Source records
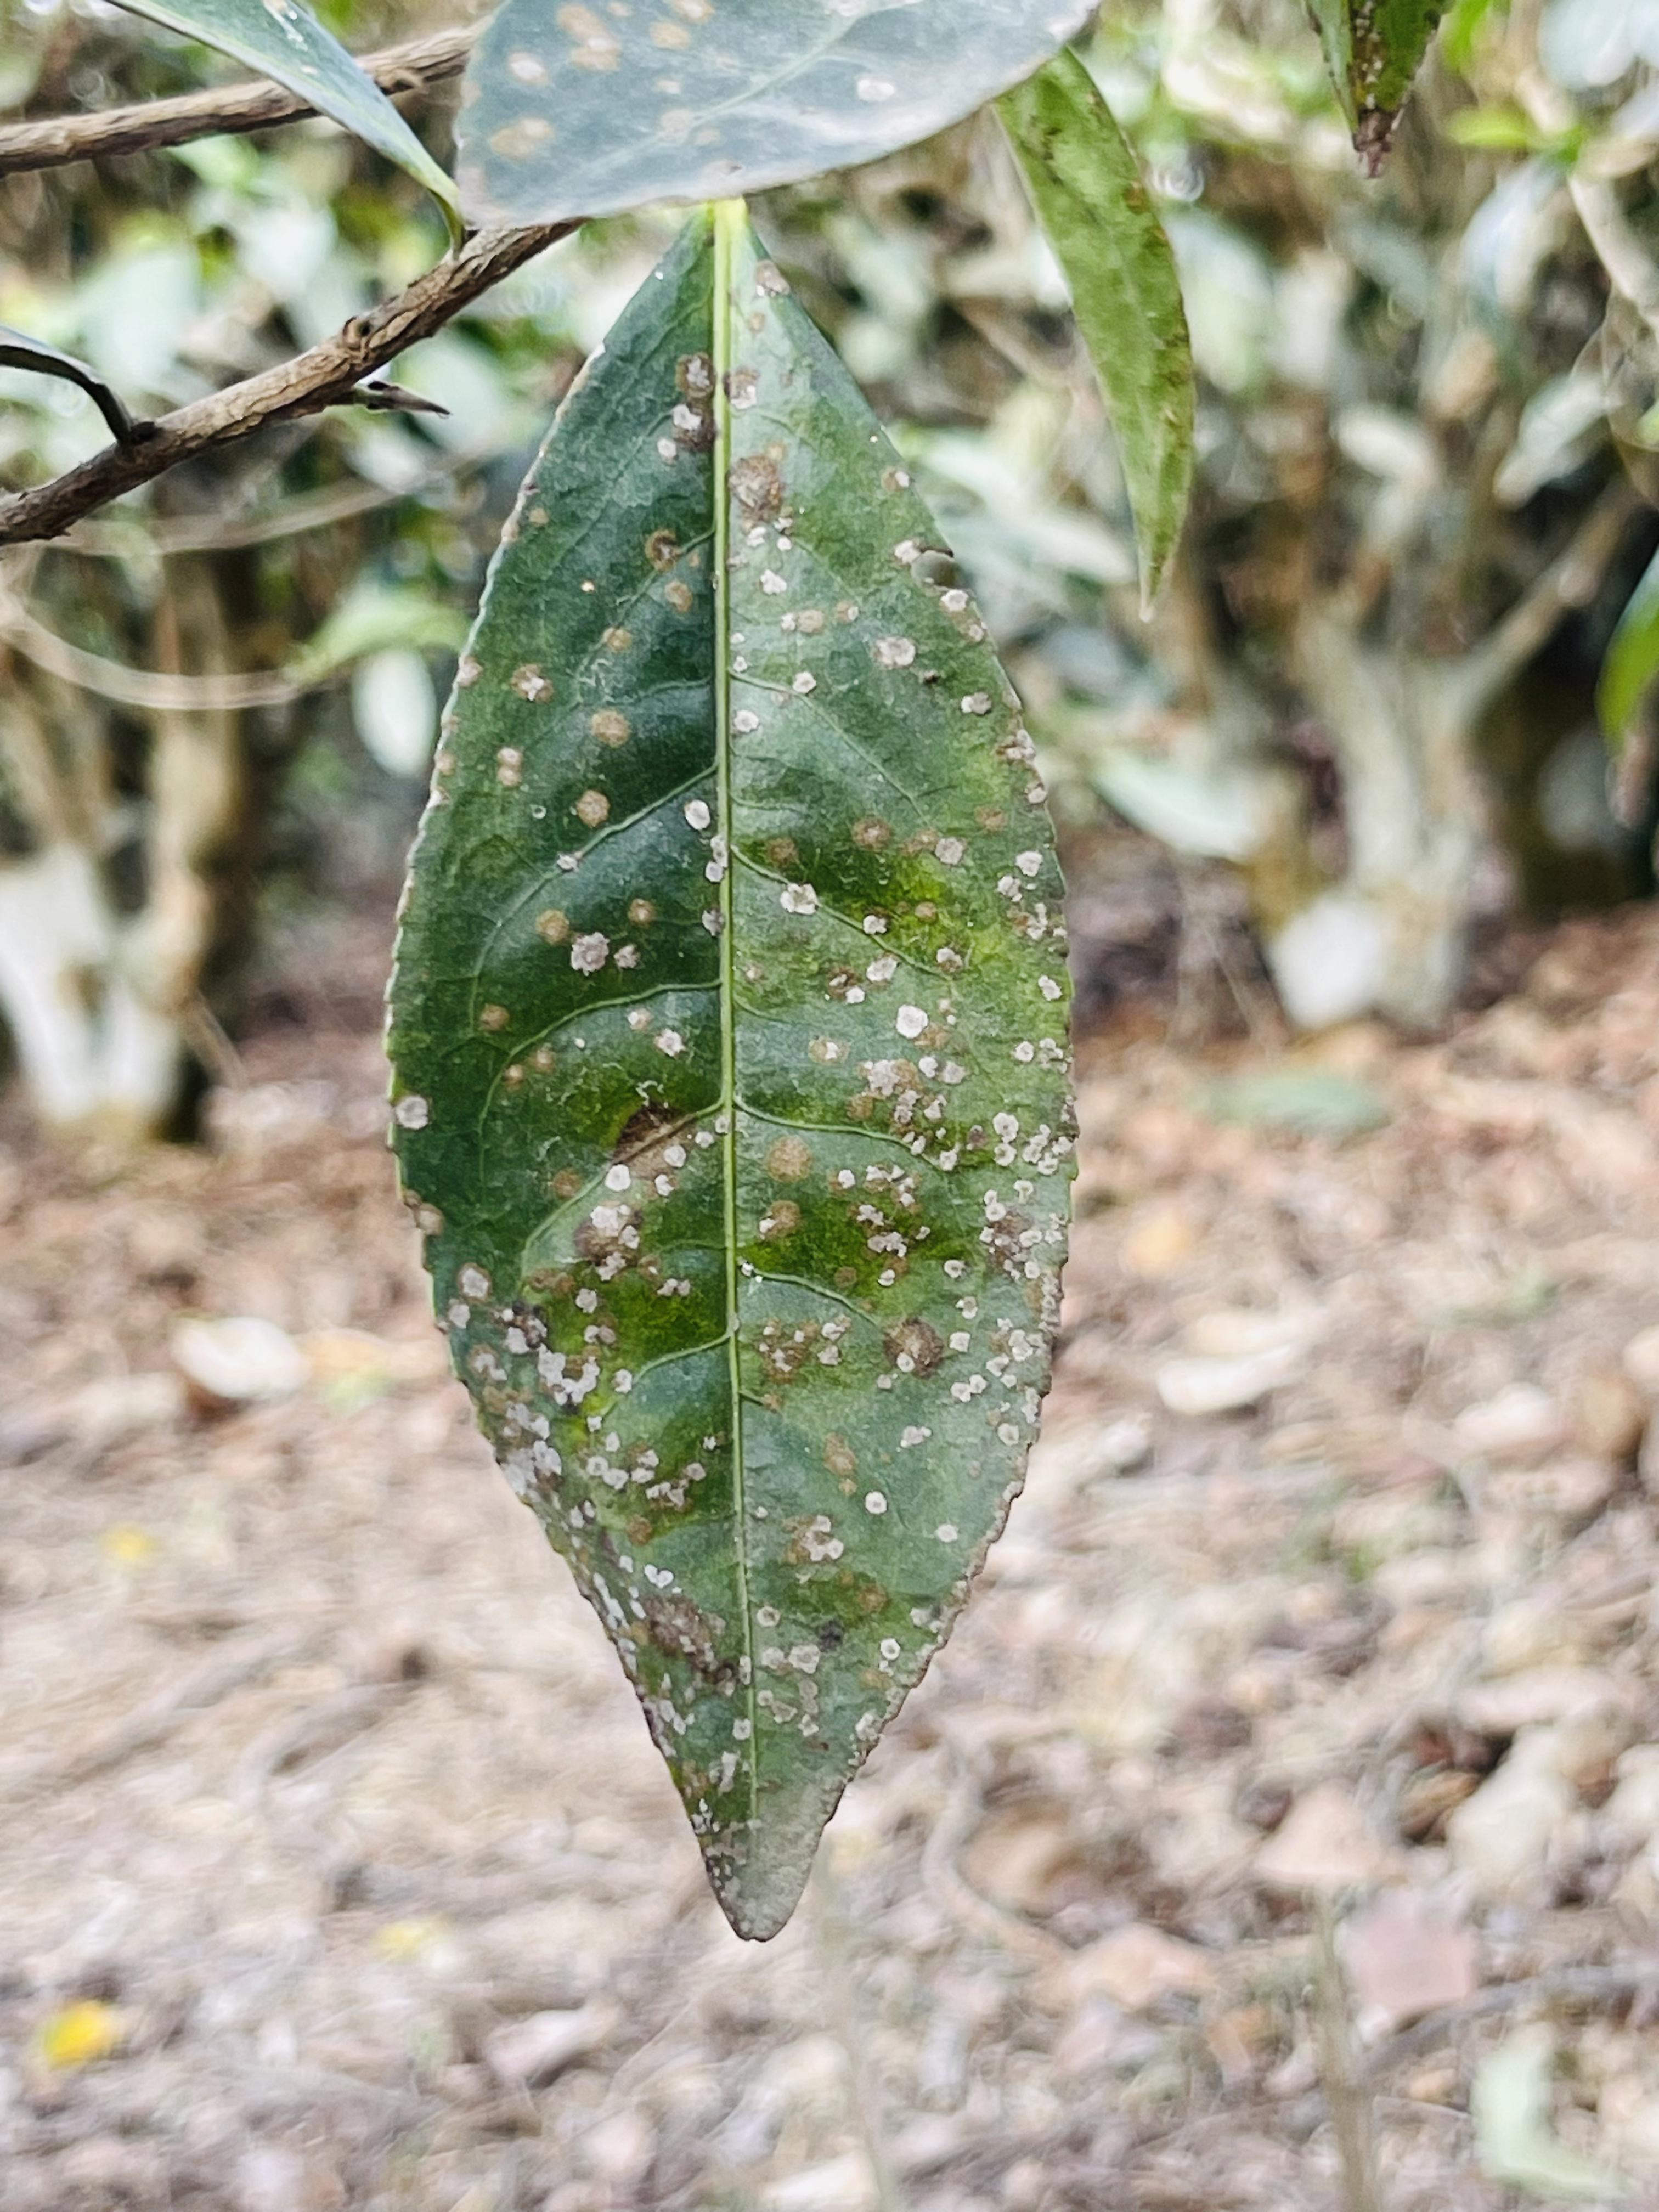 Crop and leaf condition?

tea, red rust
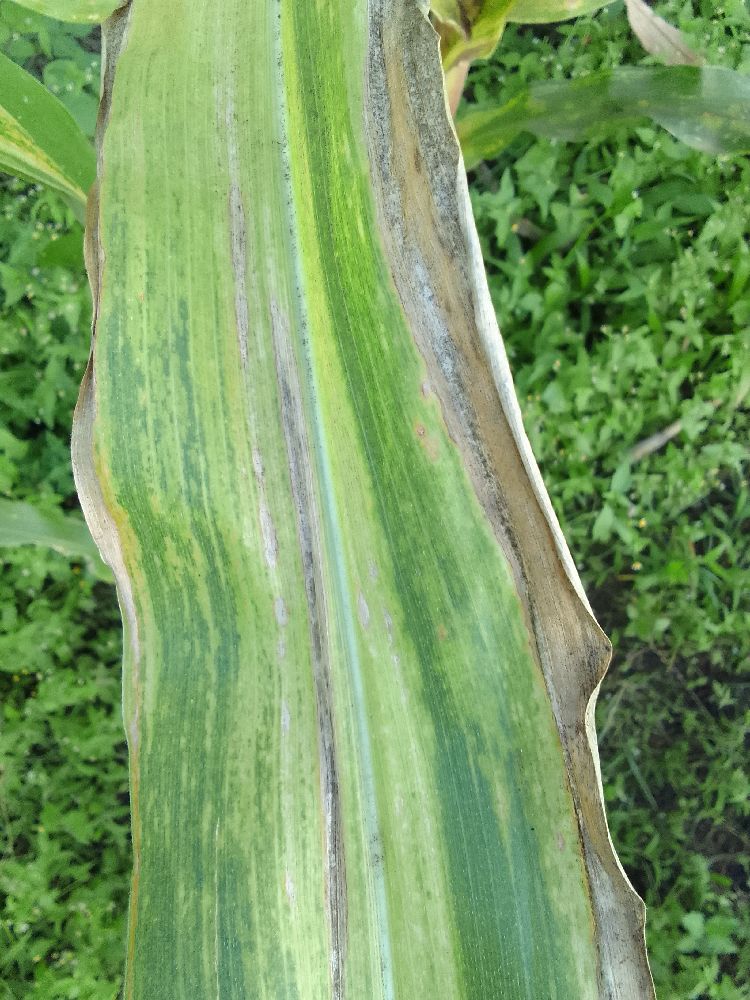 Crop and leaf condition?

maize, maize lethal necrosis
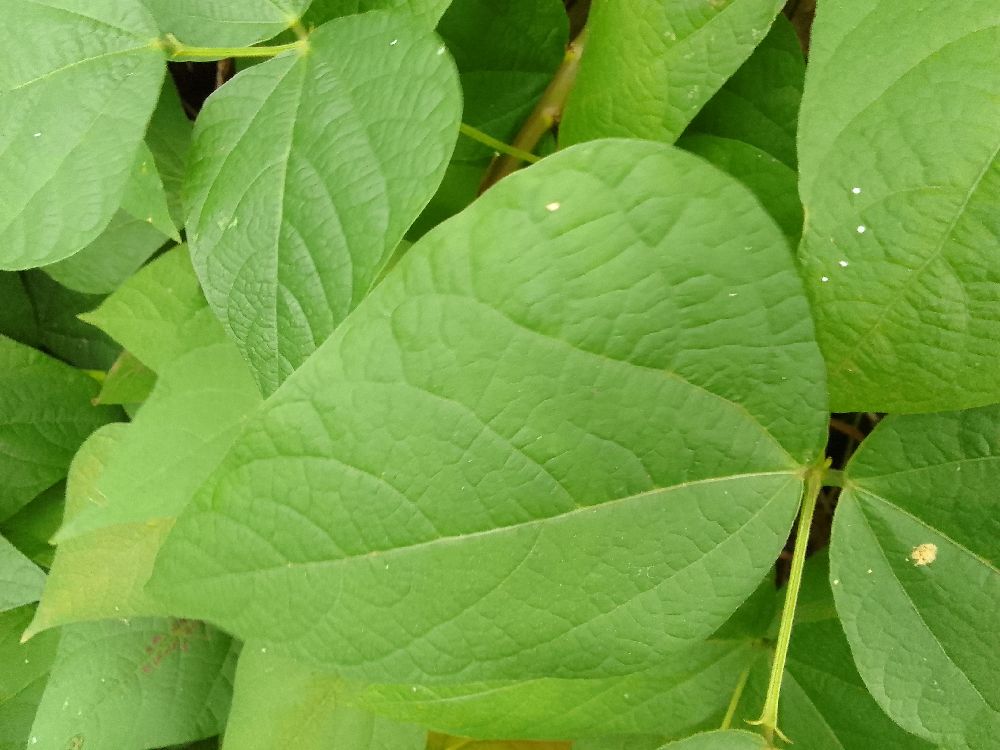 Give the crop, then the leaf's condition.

### Work order
Repeat the records word for word, skipping pictures.

### Answer area
 Crop and leaf condition?

tea, red rust
 Crop and leaf condition?

maize, maize lethal necrosis
 Give the crop, then the leaf's condition.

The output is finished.